Figure 5.. Integration of cell line screen data with publicly available omics datasets to identify sensitivity biomarkers for INY-05–040.
(A) Analytical workflow for cell line screen processing and subsequent integration of the growth response metric (GI50adj) with publicly available cell line omics data from the DepMap project. A total of 288 cancer cell lines were profiled with GDC-0068, INY-03–41 and INY-05–040, with the full set of responses included in Fig. S8A. Subsequent integrative analyses focused on breast cancer cell lines only. Note that the applied growth response metric (GI50adj) takes into account cell line growth which is a known confounder in drug sensitivity measurements. The final output corresponds to the concentration of drug that results in 50 % cell growth inhibition. (B) PCA on breast cancer-specific transcriptomics and proteomics data, with coloring according to sensitivity to INY-05–040 (sensitive: GI50adj < 0.5 μM; intermediate: 0.5 μM ≤ GI50adj ≤ 1 μM; resistant: GI50adj > 1 μM; see also Fig. S8B). The PAM50 subtype of each cell line is specified by shape. Transcripts and proteins contributing the most to the observed data structure alongside PC1 and PC2 are labelled. (C and D) Spearman’s correlation analysis of PC1 values for each cell line and the corresponding GI50adj value for INY-05–040. A linear regression line with 95% confidence intervals (shaded area) is included in each analysis, demonstrating that cell line-specific PC1 scores can be used as proxy measures for INY-05–040 sensitivity (meaning the higher the PC1 score, the more resistant the cell line). (E) GSEA (mSigDb HALLMARK gene sets) using transcript and protein loading values alongside the respective PC1, a proxy measure for sensitivity to INY-05–040; FDR ≤ 0.05. NES: normalized enrichment score. (F) A plot of all gene sets that were significantly and positively enriched across PC1 loadings from the DepMap transcriptomic data, and the corresponding NES from the T47D dataset following 10 h treatment with INY-05–040 (see also Fig. 2).

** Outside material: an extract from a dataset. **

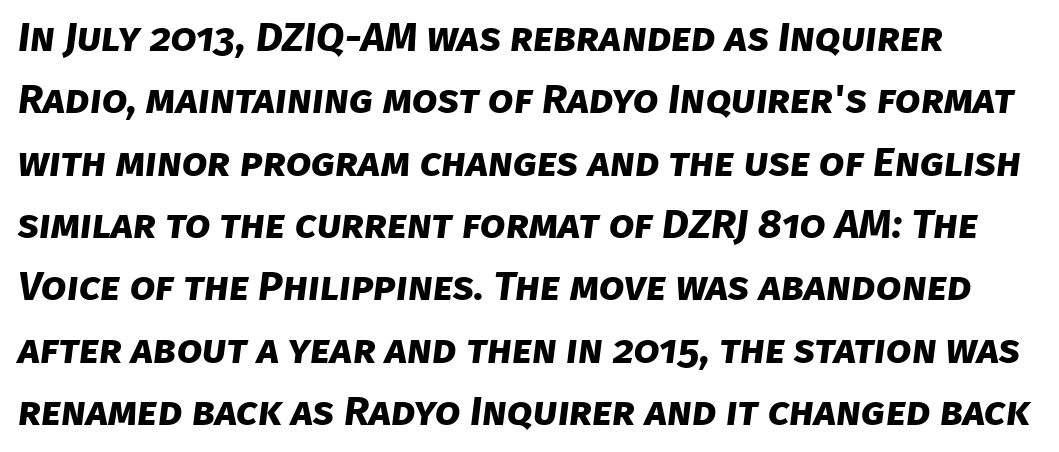
{"serif": "no", "bold": "yes", "weight": "bold", "width": "normal", "stroke_contrast": "low", "x_height": "large", "monospaced": "no", "underline": "no", "line_spacing": "normal", "line_spacing_ratio": 1.52, "letter_spacing": "normal", "letter_spacing_em": 0.0, "glyph_px": 41}

Highlighted gene signatures were also statistically significant (FDR ≤ 0.05) in the T47D dataset. (G to I) Spearman’s correlation analysis of JNK1 mRNA expression (G), pJNK1 (T183/Y187) (H) and p-cJun (S73) with the cell line-specific GI50adj value for INY-05–040. A linear regression line with 95% confidence intervals (shaded area) is included in each analysis. Reverse phase protein phosphorylation (RPPA) data were obtained from the DepMap project and subset for the signals of interest. Additional supporting data related to this figure are in Figs. S8 and S9.